Merced al impresionante juego
manipulatorio de los medios masivos de comunicación suele ligárselo a cualquier
forma de protesta, en general conectada con los países más pobres y
postergados. Todo ello, según la concepción que se fue generando, es
intrínsecamente perverso, traicionero, sádico, propio de fanáticos
fundamentalistas. Un “terrorista” -según ese orden discursivo- es un
delincuente subversivo, un apátrida; en definitiva: un monstruo inhumano. Por
supuesto que los autores del manual de la Escuela de las Américas, aunque
inciten a la tortura y a la corrupción, no son “malos”, porque lo hacen en
nombre de la guerra contra el terrorismo, para defender el “modo de vida
occidental y cristiano”.
¿Quién
en su sano juicio podría alegrarse y festejar por la muerte violenta de unos
niños, de una señora que estaba haciendo sus compras en el mercado, de un
ocasional transeúnte alcanzado por una explosión? Pero ahí está la falacia, lo
perverso del mensaje sesgado con que el poder se defiende: se presenta la parte
por el todo, mostrando sólo un aspecto -con ribetes sentimentales- de un
conjunto mucho más complejo. ¿Alguna vez los medios muestran las escenas
dantescas que sobrevienen a los bombardeos “legales” de una potencia militar?
¿Alguna vez se habla de las monstruosidades propiciadas por la pedagogía del
terror de un manual como el de la Escuela de las Américas? ¿Sufre más una
víctima que la otra? ¿Es más “buena” y “respetable” una violencia que otra?
¿Qué dirán los toros sacrificados en la arena de una plaza? ¿Y los torturados,
masacrados, violados y silenciados en nombre de la libertad y la democracia?
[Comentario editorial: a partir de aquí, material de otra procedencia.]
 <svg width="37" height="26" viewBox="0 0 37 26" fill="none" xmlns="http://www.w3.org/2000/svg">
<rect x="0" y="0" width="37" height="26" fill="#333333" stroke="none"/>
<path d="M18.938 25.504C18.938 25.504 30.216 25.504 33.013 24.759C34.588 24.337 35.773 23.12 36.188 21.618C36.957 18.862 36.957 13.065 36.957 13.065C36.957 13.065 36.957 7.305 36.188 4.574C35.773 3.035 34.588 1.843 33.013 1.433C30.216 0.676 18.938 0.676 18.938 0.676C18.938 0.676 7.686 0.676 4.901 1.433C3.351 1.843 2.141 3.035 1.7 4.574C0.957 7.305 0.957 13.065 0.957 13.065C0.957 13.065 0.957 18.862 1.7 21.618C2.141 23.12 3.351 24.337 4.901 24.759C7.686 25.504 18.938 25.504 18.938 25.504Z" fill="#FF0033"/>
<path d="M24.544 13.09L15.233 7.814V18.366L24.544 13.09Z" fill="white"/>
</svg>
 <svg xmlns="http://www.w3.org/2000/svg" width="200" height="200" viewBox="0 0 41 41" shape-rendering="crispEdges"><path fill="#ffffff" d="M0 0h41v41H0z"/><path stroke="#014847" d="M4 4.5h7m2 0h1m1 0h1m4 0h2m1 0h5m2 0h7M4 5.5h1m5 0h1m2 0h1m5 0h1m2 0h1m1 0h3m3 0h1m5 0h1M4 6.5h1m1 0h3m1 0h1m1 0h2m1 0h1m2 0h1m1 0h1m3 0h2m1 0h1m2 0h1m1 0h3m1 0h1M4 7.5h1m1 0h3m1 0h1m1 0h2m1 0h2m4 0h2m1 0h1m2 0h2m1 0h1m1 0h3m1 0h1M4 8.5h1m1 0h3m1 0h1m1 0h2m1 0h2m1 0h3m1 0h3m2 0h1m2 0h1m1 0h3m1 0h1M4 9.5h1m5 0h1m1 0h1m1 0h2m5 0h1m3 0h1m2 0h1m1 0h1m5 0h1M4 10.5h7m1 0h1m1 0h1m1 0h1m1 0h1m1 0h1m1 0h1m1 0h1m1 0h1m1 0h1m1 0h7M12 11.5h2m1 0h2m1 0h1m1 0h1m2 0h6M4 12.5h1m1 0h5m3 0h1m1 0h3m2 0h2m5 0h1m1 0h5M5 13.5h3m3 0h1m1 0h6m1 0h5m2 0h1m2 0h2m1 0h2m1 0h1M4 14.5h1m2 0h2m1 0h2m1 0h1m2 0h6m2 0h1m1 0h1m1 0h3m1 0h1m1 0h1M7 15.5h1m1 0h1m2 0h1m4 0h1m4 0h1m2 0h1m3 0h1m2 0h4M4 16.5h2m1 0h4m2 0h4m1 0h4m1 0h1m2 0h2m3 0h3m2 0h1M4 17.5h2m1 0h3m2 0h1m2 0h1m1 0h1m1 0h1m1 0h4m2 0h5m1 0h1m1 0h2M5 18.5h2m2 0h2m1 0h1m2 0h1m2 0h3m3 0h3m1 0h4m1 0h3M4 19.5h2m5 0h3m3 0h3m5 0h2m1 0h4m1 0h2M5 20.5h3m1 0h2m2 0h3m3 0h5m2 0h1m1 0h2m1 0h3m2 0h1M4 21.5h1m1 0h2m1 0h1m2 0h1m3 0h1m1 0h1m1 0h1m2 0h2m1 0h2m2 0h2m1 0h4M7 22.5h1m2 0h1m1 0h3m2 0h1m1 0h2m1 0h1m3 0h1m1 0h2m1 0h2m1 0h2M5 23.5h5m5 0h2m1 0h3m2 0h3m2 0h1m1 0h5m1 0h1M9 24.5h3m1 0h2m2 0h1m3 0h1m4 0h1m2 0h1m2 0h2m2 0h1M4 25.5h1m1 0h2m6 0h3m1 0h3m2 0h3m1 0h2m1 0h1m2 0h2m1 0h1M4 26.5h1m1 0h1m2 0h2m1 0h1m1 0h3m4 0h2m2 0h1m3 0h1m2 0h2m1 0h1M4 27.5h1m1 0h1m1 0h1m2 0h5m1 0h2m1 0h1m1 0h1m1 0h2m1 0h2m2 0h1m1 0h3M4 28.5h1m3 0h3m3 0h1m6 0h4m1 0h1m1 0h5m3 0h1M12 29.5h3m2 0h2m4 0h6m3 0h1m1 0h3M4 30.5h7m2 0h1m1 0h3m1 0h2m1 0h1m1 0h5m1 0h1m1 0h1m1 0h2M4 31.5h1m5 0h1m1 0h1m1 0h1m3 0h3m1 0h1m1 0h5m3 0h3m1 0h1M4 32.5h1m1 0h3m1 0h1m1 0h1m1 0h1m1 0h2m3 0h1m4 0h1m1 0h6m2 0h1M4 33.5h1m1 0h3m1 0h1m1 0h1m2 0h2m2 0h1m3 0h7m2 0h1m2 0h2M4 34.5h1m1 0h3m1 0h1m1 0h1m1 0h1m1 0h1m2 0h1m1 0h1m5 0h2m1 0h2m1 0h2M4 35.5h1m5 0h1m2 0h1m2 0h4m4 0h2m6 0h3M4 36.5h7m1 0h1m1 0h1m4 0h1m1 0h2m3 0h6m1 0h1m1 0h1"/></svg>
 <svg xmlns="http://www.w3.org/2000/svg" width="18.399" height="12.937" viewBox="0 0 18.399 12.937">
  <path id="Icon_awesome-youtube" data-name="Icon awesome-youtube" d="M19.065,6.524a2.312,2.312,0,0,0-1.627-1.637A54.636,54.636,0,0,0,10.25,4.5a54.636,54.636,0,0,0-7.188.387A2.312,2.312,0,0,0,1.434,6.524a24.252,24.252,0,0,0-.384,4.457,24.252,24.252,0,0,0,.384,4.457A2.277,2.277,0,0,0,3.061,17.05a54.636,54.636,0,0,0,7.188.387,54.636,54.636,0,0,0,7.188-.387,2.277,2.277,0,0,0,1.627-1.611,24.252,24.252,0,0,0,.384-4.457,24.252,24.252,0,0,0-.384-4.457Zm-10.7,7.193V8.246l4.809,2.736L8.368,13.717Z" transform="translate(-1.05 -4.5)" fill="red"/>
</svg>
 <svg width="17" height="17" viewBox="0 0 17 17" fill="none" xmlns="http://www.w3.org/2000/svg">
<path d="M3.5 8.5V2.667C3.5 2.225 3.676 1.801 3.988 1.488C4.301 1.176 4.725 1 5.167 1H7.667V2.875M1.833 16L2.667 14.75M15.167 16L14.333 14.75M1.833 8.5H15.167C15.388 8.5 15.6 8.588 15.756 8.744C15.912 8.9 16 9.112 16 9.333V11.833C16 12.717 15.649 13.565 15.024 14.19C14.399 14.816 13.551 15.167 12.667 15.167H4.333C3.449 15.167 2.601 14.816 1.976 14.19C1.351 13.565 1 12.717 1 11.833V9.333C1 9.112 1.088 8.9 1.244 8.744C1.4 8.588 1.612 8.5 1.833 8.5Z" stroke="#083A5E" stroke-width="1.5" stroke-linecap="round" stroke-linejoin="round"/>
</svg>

¿Vale más un francés muerto por una bomba que un ciudadano sirio?
Está
claro que la dimensión del fenómeno es infinitamente más compleja que la
malintencionada simplificación con que se nos presenta el problema. El
maniqueísmo, en definitiva, ahoga las posibilidades de soluciones reales. Son
tan víctimas los civiles que mueren en un atentado dinamitero hecho por un
grupo irregular como los que caen bajo el fuego de un ejército regular. ¿Por
qué los regulares serían menos asesinos que los irregulares?
El
mundo sigue siendo injusto, terriblemente injusto; la distribución de la
riqueza que el sistema capitalista crea es de una inequidad espantosa. El
hambre sigue siendo la principal causa de muerte de la población mundial,
hambre evitable, hambre que debería desaparecer si se repartiera algo más
equitativamente el producto social que creamos los humanos. Esa injusticia
estructural en las relaciones interhumanas es el principal exterminio que enfrentamos
a diario; pero eso no es la gran noticia, de eso no se habla mucho. Hoy el
“terrorismo internacional” se presenta como el peor de los apocalipsis
concebibles, mientras que del hambre no se habla, o se lo hace desde una óptica
de caridad. Pero no podemos olvidar que por hambre mueren casi 100 veces más
personas diarias que por “actos terroristas”. ¿O habrá que considerar el hambre
como terrorismo?
Es por
eso que sigue teniendo vigencia lo que 35 años atrás, en 1981, firmaban
numerosos Premios Nobel como “Manifiesto contra el Hambre”, y que debemos
seguir levantando como principal estandarte por un mundo mejor: “Cientos de millones de personas agonizan a
causa del hambre y del subdesarrollo, víctimas del desorden político y
económico internacional que reina en la actualidad. Está teniendo lugar un
holocausto sin precedentes, cuyo horror abarca en un sólo año el espanto de las
masacres que nuestras generaciones conocieron en la primera mitad de este siglo
y que desborda por momentos el perímetro de la barbarie y de la muerte, no
solamente en el mundo, sino también en nuestras conciencias. […] El motivo principal de esta tragedia es de
carácter político.”
Por
tanto, el enemigo y principal amenaza para la humanidad no es el impreciso y
siempre mal definido “terrorismo”; sigue siendo la injusticia, aunque nos hayan
querido hacer creer estos años que estaba un tanto pasado de moda hablar de
ella. Y como dijo el jesuita Xabier Gorostiaga: “Quienes seguimos teniendo esperanza no somos tontos”, aunque
quieran hacernos parar por tales con los espejitos de colores que nos distraen.